What the ITC can and cannot do

The first thing to understand about a Section 337 case is what remedy is on the table. The ITC does not award money damages. Its principal remedies are the exclusion order and the cease-and-desist order. An exclusion order instructs Customs to refuse entry to the infringing articles. It can be a limited exclusion order, directed at the named respondents' products, or — in narrower circumstances the statute and Commission practice define — a general exclusion order reaching all infringing articles regardless of source. A cease-and-desist order, by contrast, targets infringing inventory already inside the United States, prohibiting its sale and distribution. The combination is why a Section 337 loss can functionally remove a product from the U.S. market in a way a damages judgment does not.

The second distinctive feature is the domestic-industry requirement. Section 337 is a trade statute, not merely a patent statute, so a complainant must show that an industry in the United States relating to the patented articles exists or is in the process of being established. The statute frames the economic prong around investments such as plant and equipment, labor and capital, or substantial investment in the patent's exploitation including engineering, research and development, or licensing.

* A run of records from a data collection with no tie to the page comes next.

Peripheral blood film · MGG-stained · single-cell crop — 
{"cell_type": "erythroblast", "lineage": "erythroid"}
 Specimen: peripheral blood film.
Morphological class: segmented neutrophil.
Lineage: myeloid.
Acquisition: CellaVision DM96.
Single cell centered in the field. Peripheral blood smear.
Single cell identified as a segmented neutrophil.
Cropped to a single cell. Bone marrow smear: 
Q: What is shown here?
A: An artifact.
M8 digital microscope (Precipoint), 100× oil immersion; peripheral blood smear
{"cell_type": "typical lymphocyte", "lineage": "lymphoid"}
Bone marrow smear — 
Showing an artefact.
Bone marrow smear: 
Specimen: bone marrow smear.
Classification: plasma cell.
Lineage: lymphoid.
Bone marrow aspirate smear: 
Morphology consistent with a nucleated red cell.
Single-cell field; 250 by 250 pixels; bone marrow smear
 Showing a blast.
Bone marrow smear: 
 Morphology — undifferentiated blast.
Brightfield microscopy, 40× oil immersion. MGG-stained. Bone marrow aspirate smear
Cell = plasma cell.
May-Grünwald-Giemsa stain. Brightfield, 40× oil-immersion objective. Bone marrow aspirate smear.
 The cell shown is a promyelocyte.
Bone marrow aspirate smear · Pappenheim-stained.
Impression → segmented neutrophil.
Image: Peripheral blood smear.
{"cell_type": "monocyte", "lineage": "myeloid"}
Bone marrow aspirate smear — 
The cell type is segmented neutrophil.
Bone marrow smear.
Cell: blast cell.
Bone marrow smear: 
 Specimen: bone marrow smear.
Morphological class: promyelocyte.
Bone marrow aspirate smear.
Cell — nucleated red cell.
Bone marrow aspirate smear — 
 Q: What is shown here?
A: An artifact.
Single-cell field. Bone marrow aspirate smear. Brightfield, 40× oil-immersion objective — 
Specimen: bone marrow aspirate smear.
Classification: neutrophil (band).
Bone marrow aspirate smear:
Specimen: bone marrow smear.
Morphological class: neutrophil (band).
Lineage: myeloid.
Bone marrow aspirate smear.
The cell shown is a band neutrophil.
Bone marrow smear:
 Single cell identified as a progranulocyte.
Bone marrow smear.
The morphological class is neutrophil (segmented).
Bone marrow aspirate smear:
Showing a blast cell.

A patent owner with no qualifying U.S. activity cannot use Section 337 the way it could use a district court — the domestic-industry showing is a gate that district-court litigation does not have.

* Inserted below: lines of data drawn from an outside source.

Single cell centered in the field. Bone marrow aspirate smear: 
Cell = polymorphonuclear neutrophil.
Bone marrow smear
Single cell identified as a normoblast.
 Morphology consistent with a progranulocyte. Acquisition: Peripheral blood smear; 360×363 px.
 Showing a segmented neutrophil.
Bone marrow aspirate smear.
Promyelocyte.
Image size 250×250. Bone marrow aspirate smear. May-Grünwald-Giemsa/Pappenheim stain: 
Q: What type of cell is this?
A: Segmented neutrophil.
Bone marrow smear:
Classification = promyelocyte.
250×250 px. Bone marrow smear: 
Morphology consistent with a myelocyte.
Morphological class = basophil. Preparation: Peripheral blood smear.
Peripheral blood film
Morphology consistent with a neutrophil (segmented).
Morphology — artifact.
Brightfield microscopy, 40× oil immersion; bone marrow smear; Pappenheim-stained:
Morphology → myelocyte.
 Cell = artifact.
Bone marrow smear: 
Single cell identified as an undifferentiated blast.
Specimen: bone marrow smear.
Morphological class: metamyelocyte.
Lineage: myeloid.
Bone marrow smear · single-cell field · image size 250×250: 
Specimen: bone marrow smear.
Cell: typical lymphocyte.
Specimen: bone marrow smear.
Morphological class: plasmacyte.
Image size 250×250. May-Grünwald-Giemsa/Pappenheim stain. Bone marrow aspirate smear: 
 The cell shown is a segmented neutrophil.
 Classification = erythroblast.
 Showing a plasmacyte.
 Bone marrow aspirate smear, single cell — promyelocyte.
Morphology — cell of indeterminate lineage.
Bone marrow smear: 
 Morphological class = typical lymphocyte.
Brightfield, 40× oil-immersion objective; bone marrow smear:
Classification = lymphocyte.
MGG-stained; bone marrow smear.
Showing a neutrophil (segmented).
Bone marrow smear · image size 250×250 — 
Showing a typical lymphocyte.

Why Section 337 looms over consumer electronics

For consumer devices, Section 337 matters because nearly every product in the category is imported. Phones, wearables, headphones, tablets, and accessories are predominantly manufactured abroad and brought into the United States, which places them squarely within the conduct the statute reaches. A patent holder asserting a consumer-device patent at the ITC is seeking to cut off the supply of the accused product at the border — a remedy whose commercial impact can exceed that of a damages award, because it can halt sales of an entire model rather than merely price the past infringement.

The procedural posture also differs from district court. Section 337 investigations are conducted before an administrative law judge under an expedited schedule and reviewed by the Commission; appeals go to the U.S. Court of Appeals for the Federal Circuit. The pace is fast by patent-litigation standards, and the absence of damages focuses the case entirely on liability and remedy. Because the same patents are often asserted in parallel in district court, where damages are available, complainants frequently run both tracks at once — the ITC for the import ban, the district court for money.

The statute also builds in a public-interest check on the remedy. Section 1337 directs the Commission, before issuing an exclusion or cease-and-desist order, to consider the effect of that remedy on "the public health and welfare, competitive conditions in the United States economy, the production of like or directly competitive articles in the United States, and United States consumers." If those public-interest factors weigh against exclusion, the Commission may decline to issue the order even after finding a violation. In practice the public-interest exception is invoked far more often than it succeeds, but it is a structural reminder that a Section 337 remedy is a trade measure: it is granted in the name of protecting a domestic industry, and the statute reserves the authority to withhold it where the cost to the broader public would be too high. There is also a presidential-review window — the President (acting through the U.S. Trade Representative) may disapprove a Commission remedy on policy grounds within a set period before it becomes final.

The 337 remedy versus a district-court injunction

A natural question is why a patent owner would choose the ITC's exclusion order over a district court's injunction. The answer lies in what changed for district courts. After the Supreme Court's eBay decision, a district-court injunction is no longer automatic on a finding of infringement; the patentee must satisfy a four-factor equitable test, and many prevailing patentees recover only damages. The ITC operates differently: the exclusion order is the statutory remedy for a Section 337 violation, and the Commission is not bound by the eBay four-factor framework when deciding whether to issue it. That difference is precisely why imported-product patent disputes — which describe most of the consumer-electronics category — gravitate to the Commission. For a patent owner whose real objective is to keep a rival's device off U.S. shelves rather than to collect a royalty, the border remedy that Section 337 makes available is the more direct instrument, subject only to the domestic-industry showing and the public-interest check the statute imposes.

Read against the statute, the shape of the remedy is clear. Section 337 makes importing infringing articles unlawful; the ITC investigates whether that unlawful conduct is occurring; and if it finds a violation, its answer is an exclusion order that keeps the goods out, backed by cease-and-desist orders against inventory already here. There is no damages line in that remedy — only the question of whether the accused product gets to enter the United States at all. For an imported consumer device, that question is frequently the whole business stake.